Мы замахали на него, чтобы он опять исчез. Но тот тянул время. Как будто лишний строгий взгляд и был тем, что могло бы помочь делу. Потом он покачал головой и убрал ее.
— Из-за тебя, чел, меня с работы налады. Верно, понимаю, из-за нас Бен потерял свою. Я заранее знаю все, что ты мне скажешь, чел. Может, бросишь это дело? Я не собираюсь добровольно отправляться в тюрьму. У меня есть жизнь. На тот случай, если ты не заметил.
— А у Бена нет?
— Нет. У Бена нет.
И с таким заявлением он пересек зону обслуживания, поднял гаечный ключ и сунул голову обратно под капот «БМВ». Словно бы не придавая значения тому, что я все слышу.

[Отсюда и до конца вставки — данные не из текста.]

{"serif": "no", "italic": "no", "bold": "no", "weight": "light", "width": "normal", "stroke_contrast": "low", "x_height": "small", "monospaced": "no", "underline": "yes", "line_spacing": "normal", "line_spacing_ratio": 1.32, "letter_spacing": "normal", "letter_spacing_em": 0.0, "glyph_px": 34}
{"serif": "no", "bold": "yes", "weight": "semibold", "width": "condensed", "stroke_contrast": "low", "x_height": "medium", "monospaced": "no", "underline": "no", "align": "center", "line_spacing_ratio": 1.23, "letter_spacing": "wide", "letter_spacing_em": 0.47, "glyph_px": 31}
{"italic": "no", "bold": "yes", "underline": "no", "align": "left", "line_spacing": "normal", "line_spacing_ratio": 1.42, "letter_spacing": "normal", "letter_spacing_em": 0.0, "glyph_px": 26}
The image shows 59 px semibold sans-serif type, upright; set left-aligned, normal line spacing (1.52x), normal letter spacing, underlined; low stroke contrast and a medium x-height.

— У тебя нет никакого права говорить так. Только потому, что она не выглядит жизнью, которой хотелось бы тебе. У Бена была работа. Он любил эту работу. Он видел чуть ли не всех в городе — каждый день. Ему все нравились, и он нравился всем. И он любил свой дом. Ты знаешь, тот самый, в котором он жил с шести лет. И теперь может так случиться, что дома этого ему больше не видать. Ты хоть имеешь представление, как сильно ненавистно ему быть далеко от дома? Он в больнице штата несчастнее, чем ты был бы в тюрьме.
— В этом я сомневаюсь, — пробормотал Крис.

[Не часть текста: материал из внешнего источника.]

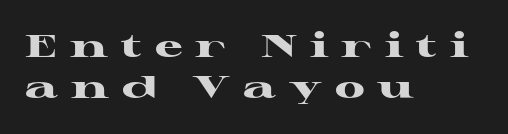
Q: Is the text bold? A: Yes.
Q: Is the text italic (slanted)? A: No, it is upright.
Q: Is the typeface a serif or a sans-serif typeface? A: Serif.
Q: Is the text underlined? A: No.
Q: How is the paragraph aligned? A: Left-aligned.
Q: Is the spacing between letters normal or unusually wide? A: Unusually wide.
Q: Is the spacing between lines tight, normal or loose? A: Normal.
Q: Width (condensed, normal, or wide)? A: Wide.
Q: Stroke contrast? A: High.
Q: x-height? A: Medium.
Q: Monospaced? A: No.
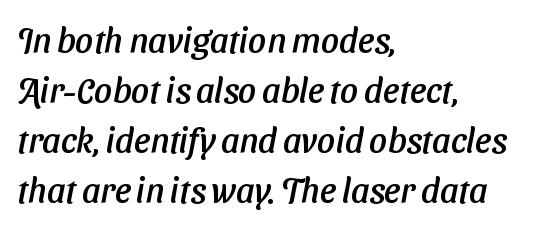
The image shows 35 px sans-serif type; set left-aligned, normal line spacing (1.43x), normal letter spacing, not underlined; low stroke contrast and a medium x-height.

— Плюс, ты бы через год-другой вышел.
Он вытащил голову из-под капота. Посмотрел мне прямо в глаза. Гаечным ключом указал на мою переносицу. Я постарался не сводить глаза.

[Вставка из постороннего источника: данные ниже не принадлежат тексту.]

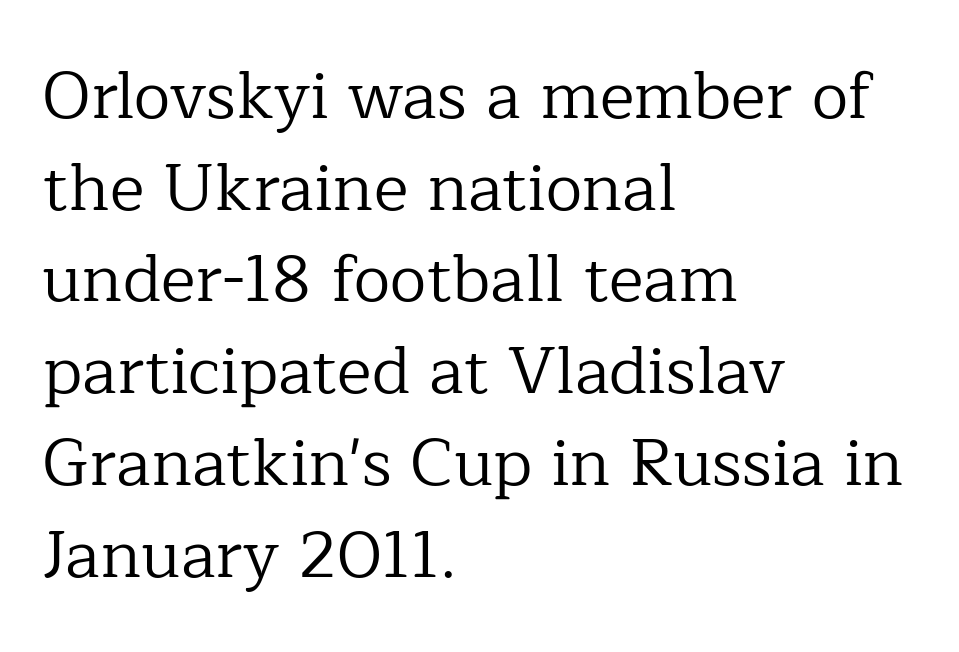
Q: Is the text bold? A: No.
Q: Is the text italic (slanted)? A: No, it is upright.
Q: Is the typeface a serif or a sans-serif typeface? A: Serif.
Q: Is the text underlined? A: No.
Q: How is the paragraph aligned? A: Left-aligned.
Q: Is the spacing between letters normal or unusually wide? A: Normal.
Q: Is the spacing between lines tight, normal or loose? A: Normal.
Q: Width (condensed, normal, or wide)? A: Normal.
Q: Stroke contrast? A: Low.
Q: x-height? A: Medium.
Q: Monospaced? A: No.

— А пошел бы ты, Расти. Я не сделаю этого ради себя самого. Не сделаю этого ради своей семьи. Не сделаю этого ради моей подружки. И ради Марка я тоже этого не сделаю. Думаешь, мне хочется отвечать за то, чтобы Марк еще больший срок мотал?
Бинго. A-а, прокололся.
— Это ты здорово, — заметил я. — Дважды за один день. — Крис закатил глаза и опять нырнул под капот. — Так что в основном, судя по тому, что сорвалось у тебя с языка и что ты мне рассказал, если бы ты правдиво рассказал о том, что на самом деле произошло в ту ночь, Марку предъявили бы еще и другие обвинения. Типа, и это всего лишь дикое предположение, но… возможно, те самые, которые вешают сейчас на Бена? — Помнится, я подумал, что Крис — основательный глупец. Был бы поумнее, давно дал бы обет молчания в моем присутствии.
Несколько минут (или, по крайней мере, казалось, что несколько минут) он только и делал, что работал, ослабляя болты вокруг вентилятора «БМВ». Не смотрел в мою сторону и не говорил со мной. Потом остановился и замер. Не сводя глаз с двигателя.